__Exercise requirements__:
Reproduce, word for word, every line starting at the line that contains "Character: 嘄" and ending with the final line of the entries.

[Data items]

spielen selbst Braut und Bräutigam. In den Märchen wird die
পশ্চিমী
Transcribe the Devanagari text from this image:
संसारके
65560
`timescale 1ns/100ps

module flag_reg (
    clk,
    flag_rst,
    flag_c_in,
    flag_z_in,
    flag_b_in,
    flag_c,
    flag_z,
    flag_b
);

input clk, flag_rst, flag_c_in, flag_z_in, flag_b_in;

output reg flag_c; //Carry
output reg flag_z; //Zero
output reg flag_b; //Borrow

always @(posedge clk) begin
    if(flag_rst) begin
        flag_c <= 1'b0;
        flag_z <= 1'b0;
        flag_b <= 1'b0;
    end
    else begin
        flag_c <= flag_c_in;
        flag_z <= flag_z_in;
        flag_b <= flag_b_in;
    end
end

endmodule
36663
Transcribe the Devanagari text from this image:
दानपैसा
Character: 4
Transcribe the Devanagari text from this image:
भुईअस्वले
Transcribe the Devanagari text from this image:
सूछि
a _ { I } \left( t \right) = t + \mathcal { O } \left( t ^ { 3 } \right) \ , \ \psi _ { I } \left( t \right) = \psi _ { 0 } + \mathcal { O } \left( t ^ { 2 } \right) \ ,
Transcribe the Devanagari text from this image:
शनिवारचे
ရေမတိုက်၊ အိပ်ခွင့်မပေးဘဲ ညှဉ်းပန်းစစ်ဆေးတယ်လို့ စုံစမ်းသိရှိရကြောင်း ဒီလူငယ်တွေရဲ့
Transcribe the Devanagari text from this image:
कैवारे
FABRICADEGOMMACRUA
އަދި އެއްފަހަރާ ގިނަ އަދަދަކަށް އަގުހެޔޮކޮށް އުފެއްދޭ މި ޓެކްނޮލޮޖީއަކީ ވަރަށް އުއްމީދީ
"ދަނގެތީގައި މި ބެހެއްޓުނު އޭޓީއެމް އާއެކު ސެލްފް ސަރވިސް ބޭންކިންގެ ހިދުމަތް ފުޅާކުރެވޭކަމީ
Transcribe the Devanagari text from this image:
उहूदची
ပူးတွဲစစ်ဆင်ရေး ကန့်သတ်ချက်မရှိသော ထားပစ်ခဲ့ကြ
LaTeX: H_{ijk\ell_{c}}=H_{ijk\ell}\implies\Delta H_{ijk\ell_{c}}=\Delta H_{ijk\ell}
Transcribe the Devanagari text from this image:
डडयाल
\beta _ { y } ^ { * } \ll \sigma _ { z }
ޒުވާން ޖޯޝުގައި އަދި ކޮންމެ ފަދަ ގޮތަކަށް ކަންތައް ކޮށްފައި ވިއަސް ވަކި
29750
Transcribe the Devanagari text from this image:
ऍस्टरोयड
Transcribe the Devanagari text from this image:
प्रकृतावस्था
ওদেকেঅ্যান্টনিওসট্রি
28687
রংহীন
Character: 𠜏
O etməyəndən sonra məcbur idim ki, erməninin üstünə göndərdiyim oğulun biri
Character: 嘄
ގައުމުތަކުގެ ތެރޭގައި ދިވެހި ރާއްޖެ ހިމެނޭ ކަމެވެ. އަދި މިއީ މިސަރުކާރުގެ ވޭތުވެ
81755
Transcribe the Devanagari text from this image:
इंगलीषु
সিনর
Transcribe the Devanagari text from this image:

__Response area__:
Character: 嘄
ގައުމުތަކުގެ ތެރޭގައި ދިވެހި ރާއްޖެ ހިމެނޭ ކަމެވެ. އަދި މިއީ މިސަރުކާރުގެ ވޭތުވެ
81755
Transcribe the Devanagari text from this image:
इंगलीषु
সিনর
Transcribe the Devanagari text from this image:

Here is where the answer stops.